= About this task =
Line by line, print the records exactly, and keep images out of the copy.

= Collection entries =
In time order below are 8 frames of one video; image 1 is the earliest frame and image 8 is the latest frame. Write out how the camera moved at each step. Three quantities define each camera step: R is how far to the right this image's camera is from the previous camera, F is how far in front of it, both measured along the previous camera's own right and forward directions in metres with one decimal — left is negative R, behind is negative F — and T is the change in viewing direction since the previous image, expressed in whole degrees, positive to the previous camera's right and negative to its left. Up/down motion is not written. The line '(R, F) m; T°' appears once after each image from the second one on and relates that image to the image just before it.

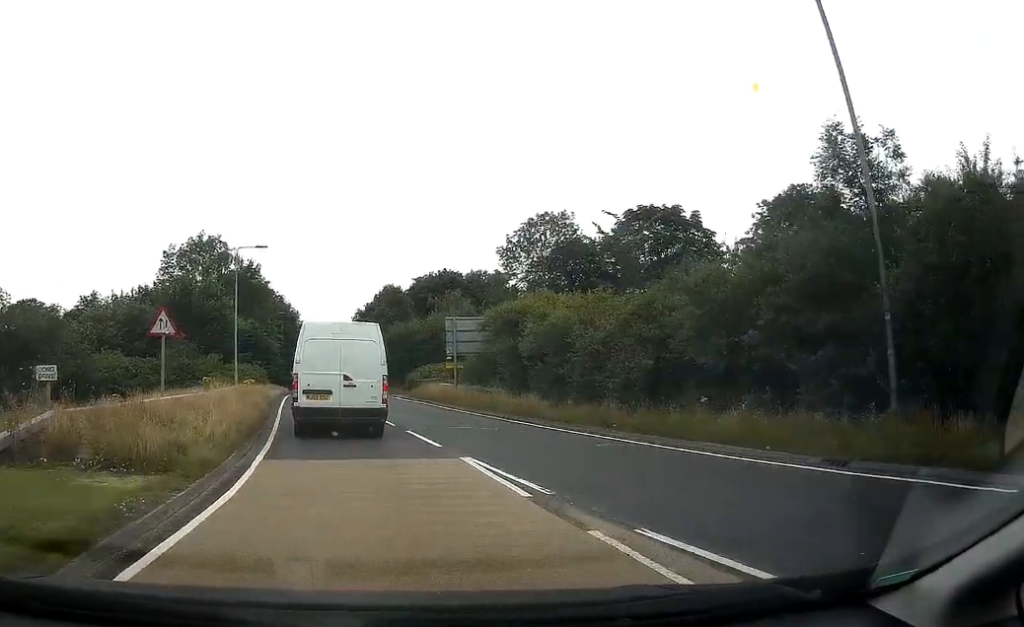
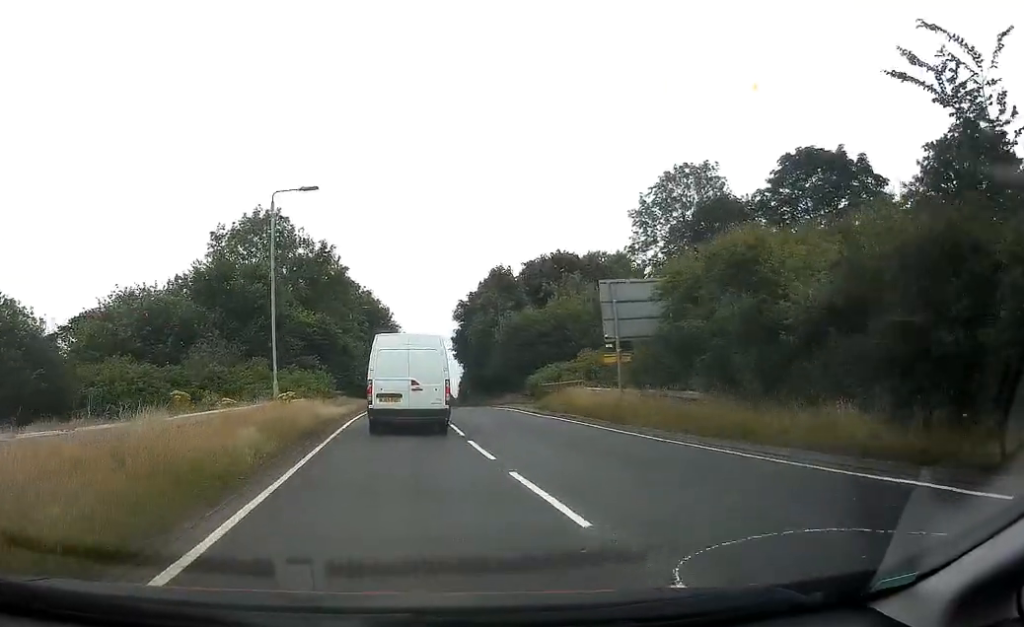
(-1.9, +12.5) m; -12°
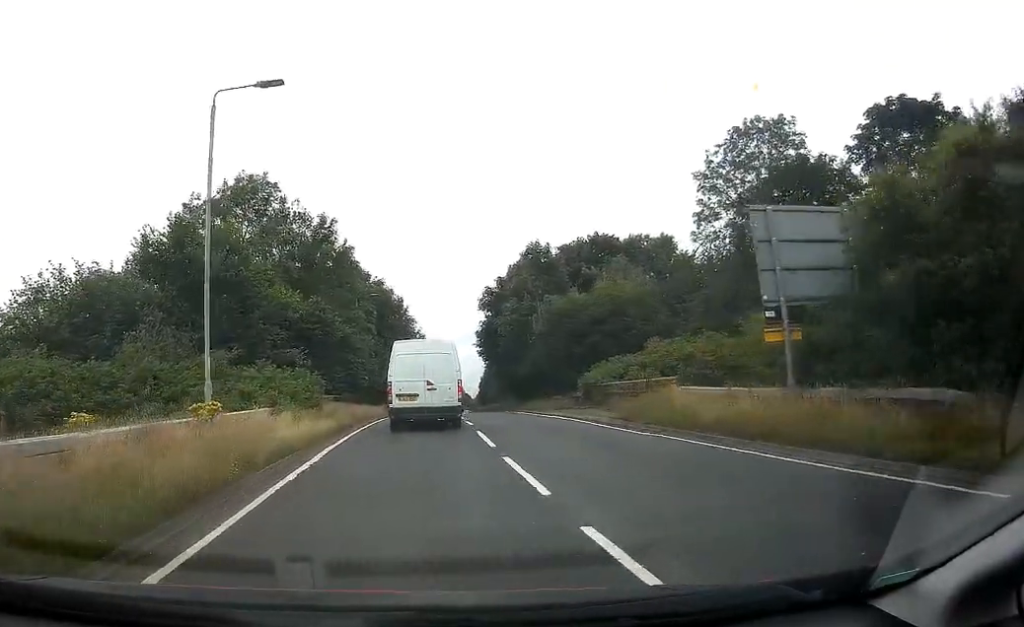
(-0.4, +9.6) m; -2°
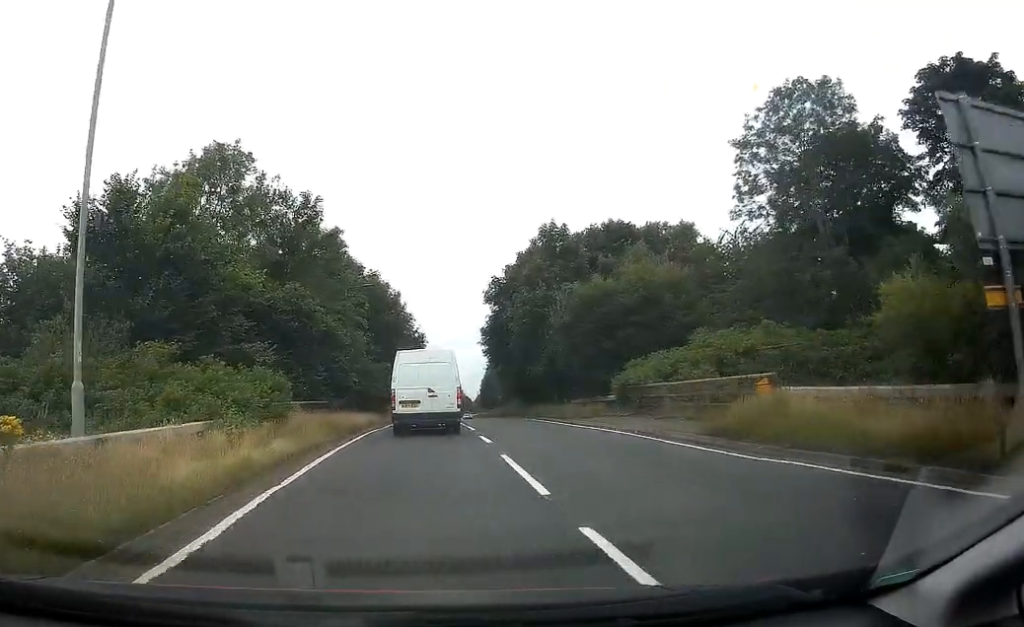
(-0.1, +6.0) m; 0°
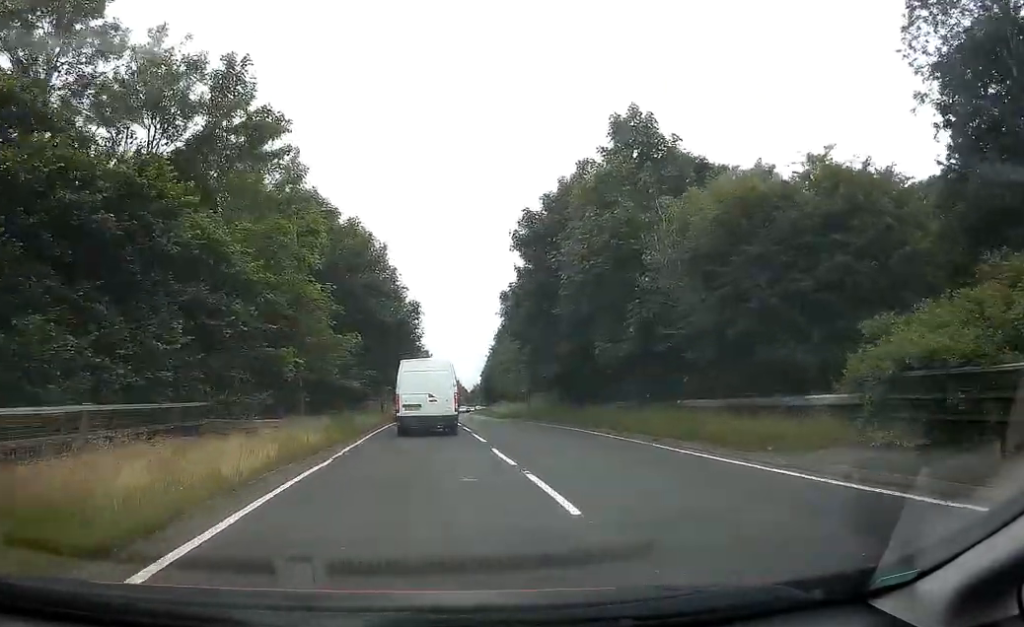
(+0.5, +16.5) m; +2°
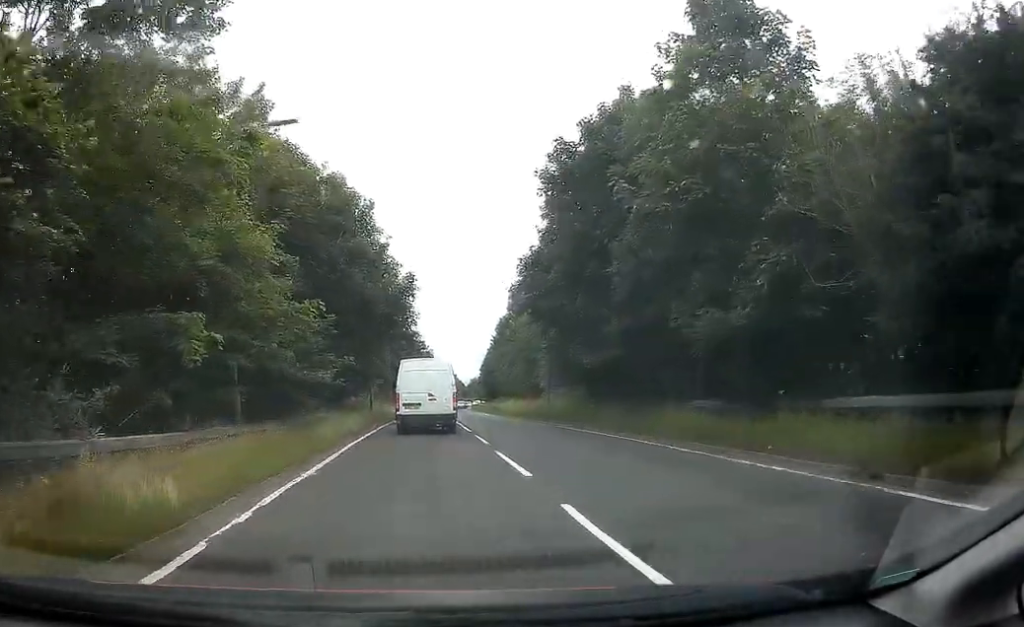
(+0.1, +8.9) m; 0°
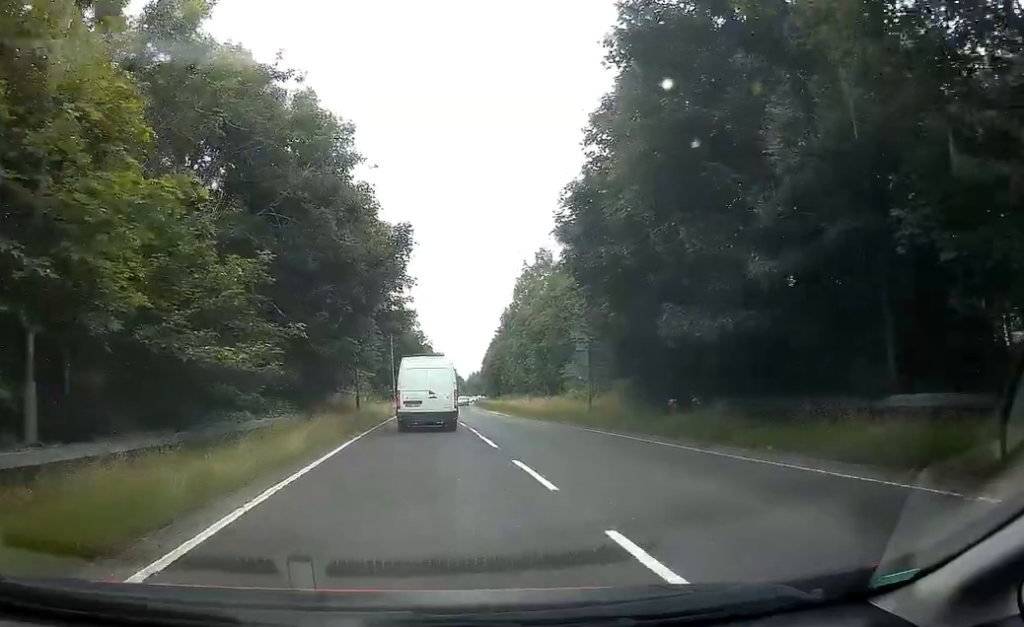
(0.0, +9.3) m; 0°
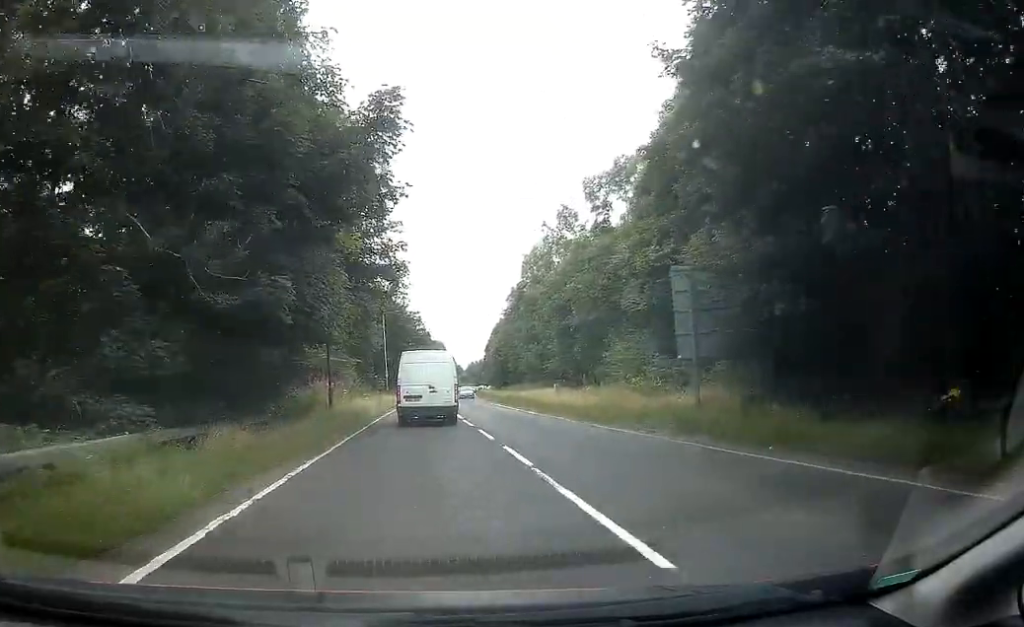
(0.0, +11.1) m; 0°

= Task output =
In time order below are 8 frames of one video; image 1 is the earliest frame and image 8 is the latest frame. Write out how the camera moved at each step. Three quantities define each camera step: R is how far to the right this image's camera is from the previous camera, F is how far in front of it, both measured along the previous camera's own right and forward directions in metres with one decimal — left is negative R, behind is negative F — and T is the change in viewing direction since the previous image, expressed in whole degrees, positive to the previous camera's right and negative to its left. Up/down motion is not written. The line '(R, F) m; T°' appears once after each image from the second one on and relates that image to the image just before it.

(-1.9, +12.5) m; -12°
(-0.4, +9.6) m; -2°
(-0.1, +6.0) m; 0°
(+0.5, +16.5) m; +2°
(+0.1, +8.9) m; 0°
(0.0, +9.3) m; 0°
(0.0, +11.1) m; 0°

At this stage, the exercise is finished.